WARHAMMER FANTASY ROLEPLAY
DWARFBOND GAUNTLETS ENC: 10
Though of human (likely Ungol) origin, these thick hide gauntlets with polished granite knuckles are highly prized by Dwarf prospectors and tunnel fighters. They believe the gloves “speak the stone’s tongue,” an idea that other races find foolish, but that Dwarfs treat with grudging respect.
GAME MECHANICS:
Stone-Sense: The wearer gains a +10 bonus on all Perception Tests related to stonework. This includes finding secret passages, spotting structural weaknesses, or noticing the subtle signs of a trap.

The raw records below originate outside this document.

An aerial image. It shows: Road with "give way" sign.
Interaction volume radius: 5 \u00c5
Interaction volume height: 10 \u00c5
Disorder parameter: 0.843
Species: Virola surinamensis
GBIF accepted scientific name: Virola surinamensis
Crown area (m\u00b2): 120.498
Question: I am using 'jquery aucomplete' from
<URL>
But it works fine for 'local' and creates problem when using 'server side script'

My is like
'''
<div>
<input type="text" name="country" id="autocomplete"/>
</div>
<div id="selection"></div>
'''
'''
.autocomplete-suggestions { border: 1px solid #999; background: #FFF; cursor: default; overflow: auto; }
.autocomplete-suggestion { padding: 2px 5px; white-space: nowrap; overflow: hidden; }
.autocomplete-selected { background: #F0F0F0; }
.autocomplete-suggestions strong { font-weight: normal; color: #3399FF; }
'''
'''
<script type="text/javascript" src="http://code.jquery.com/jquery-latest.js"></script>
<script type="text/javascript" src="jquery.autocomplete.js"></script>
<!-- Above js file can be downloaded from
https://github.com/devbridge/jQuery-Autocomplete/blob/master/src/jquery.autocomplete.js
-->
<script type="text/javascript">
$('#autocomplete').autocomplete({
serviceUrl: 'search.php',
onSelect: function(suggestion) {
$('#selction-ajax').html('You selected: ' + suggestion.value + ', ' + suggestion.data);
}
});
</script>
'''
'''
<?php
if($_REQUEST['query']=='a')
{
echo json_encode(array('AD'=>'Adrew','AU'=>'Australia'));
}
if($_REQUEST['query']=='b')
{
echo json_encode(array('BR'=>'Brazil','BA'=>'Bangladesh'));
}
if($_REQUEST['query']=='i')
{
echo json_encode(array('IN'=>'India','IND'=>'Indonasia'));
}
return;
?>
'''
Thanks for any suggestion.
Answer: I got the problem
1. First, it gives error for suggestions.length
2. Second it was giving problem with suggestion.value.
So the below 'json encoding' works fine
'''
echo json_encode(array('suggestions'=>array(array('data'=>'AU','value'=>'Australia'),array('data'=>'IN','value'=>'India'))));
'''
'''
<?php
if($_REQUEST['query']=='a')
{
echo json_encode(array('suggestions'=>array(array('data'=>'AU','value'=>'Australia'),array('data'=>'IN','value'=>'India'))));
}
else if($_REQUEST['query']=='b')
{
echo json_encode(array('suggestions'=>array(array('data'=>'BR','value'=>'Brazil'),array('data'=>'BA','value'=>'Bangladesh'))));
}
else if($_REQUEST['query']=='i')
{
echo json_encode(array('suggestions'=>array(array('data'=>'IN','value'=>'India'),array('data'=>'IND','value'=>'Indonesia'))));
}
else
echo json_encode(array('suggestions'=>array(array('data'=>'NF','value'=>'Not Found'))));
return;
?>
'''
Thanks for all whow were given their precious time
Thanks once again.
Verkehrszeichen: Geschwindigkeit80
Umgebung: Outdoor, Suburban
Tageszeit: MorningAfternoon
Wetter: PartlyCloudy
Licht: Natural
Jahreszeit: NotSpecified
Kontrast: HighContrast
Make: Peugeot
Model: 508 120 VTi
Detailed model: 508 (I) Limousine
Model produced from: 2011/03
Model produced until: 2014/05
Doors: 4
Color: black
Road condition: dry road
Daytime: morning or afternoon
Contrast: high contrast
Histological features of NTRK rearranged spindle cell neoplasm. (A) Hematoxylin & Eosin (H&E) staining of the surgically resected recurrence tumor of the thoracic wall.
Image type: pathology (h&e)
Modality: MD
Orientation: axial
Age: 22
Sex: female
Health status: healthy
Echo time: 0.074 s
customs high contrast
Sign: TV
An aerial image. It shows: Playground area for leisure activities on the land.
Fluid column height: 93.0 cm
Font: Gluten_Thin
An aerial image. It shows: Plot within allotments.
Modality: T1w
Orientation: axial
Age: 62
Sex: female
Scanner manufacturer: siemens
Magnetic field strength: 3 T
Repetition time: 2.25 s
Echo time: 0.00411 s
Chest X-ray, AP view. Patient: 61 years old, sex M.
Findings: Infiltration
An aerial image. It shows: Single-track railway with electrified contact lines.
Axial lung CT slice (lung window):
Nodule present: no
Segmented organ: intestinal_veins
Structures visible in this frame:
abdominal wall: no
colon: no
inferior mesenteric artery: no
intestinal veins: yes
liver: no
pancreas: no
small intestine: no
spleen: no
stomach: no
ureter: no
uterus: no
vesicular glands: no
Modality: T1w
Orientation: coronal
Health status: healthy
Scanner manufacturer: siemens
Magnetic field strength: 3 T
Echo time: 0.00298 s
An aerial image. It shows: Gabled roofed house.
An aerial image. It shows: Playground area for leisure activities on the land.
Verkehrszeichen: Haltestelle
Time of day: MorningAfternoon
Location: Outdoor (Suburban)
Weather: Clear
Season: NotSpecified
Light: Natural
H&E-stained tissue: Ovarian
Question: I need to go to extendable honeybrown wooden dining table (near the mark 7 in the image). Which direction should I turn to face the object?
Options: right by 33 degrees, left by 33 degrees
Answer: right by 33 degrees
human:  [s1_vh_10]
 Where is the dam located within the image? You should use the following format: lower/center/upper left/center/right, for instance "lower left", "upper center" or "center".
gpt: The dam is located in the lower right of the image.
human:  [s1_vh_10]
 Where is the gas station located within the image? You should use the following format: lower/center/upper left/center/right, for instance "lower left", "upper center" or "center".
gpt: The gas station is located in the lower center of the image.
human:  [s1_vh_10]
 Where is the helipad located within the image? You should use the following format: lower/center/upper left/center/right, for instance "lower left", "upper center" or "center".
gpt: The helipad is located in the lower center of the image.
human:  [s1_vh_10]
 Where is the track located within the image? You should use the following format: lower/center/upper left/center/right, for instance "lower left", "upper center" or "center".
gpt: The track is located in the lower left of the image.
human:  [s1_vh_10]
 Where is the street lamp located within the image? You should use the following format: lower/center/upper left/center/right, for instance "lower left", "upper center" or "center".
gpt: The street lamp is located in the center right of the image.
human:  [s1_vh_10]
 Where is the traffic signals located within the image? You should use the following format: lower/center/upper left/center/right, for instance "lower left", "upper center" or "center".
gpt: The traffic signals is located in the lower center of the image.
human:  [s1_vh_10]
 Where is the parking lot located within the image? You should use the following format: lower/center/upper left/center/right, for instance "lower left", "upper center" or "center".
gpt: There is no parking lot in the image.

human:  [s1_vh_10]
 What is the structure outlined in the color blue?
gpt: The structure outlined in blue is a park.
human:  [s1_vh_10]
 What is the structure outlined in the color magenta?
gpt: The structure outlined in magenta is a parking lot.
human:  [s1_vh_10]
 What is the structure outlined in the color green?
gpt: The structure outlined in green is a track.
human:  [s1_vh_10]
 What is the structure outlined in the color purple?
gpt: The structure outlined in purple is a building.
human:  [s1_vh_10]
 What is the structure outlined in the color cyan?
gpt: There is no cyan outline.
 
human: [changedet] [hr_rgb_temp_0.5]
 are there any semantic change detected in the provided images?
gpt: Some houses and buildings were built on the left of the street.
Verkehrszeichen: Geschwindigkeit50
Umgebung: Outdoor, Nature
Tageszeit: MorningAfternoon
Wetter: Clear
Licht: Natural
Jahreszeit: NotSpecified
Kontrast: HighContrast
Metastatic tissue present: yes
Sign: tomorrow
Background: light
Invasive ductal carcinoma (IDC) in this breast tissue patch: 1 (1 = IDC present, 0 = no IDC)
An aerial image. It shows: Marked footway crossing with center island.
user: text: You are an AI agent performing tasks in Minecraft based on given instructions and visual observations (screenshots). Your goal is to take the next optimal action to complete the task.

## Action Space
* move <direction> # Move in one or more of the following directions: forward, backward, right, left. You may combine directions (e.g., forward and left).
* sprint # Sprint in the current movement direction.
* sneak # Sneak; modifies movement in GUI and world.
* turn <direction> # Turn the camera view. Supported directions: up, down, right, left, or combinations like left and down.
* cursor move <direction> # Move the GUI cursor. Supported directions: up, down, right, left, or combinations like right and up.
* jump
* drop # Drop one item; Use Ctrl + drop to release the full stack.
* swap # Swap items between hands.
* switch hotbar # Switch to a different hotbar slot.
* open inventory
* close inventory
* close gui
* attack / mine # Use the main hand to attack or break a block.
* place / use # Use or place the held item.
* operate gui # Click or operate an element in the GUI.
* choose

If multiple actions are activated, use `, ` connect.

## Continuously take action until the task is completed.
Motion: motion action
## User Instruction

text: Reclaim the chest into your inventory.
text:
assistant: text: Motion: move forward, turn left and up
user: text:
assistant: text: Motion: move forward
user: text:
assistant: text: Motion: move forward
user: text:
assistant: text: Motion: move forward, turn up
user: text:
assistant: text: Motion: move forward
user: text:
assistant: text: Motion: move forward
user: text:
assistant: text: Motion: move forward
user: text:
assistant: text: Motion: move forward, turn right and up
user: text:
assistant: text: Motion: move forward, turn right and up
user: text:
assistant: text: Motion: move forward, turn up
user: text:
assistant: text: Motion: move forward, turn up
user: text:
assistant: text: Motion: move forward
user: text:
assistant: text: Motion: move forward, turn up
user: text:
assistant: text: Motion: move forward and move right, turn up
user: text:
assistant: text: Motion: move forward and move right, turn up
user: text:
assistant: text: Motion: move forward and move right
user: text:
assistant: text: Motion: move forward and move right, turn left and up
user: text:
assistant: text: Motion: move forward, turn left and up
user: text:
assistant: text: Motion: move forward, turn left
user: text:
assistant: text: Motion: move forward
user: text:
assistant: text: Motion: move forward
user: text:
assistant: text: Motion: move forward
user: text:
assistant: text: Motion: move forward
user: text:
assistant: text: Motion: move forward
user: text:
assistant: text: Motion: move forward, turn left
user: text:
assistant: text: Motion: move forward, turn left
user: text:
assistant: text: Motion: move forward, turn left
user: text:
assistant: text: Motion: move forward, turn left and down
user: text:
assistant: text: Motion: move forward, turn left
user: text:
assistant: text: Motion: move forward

When interacting with Dwarfs on matters of mining, stonework, or delving, the wearer gains a +1 Success Level bonus on relevant social Tests, as the Dwarfs appreciate the tool’s utility.
Unflagging: The wearer automatically passes any Endurance Test required to resist gaining Fatigue from marching, digging, or other forms of prolonged physical labor. They must still rest and sleep as normal.
Find the Flaw: By spending a full round examining a stone wall or earthen barrier, the wearer can make an Average (+20) Intuition Test. If successful, they find the weakest point. For the next minute, any character attempting to damage that specific point adds a +10 bonus to their Melee or Ranged Test.
Grave-Memory: Once per day, the wearer may place their hands on the ground in a place of great significance (a battlefield, a tomb, a site of a ritual). They receive a brief, visceral, and emotional flash of the event that took place there. They must immediately make a Challenging (+0) Cool Test or gain 1 Corruption point from the raw psychic echo.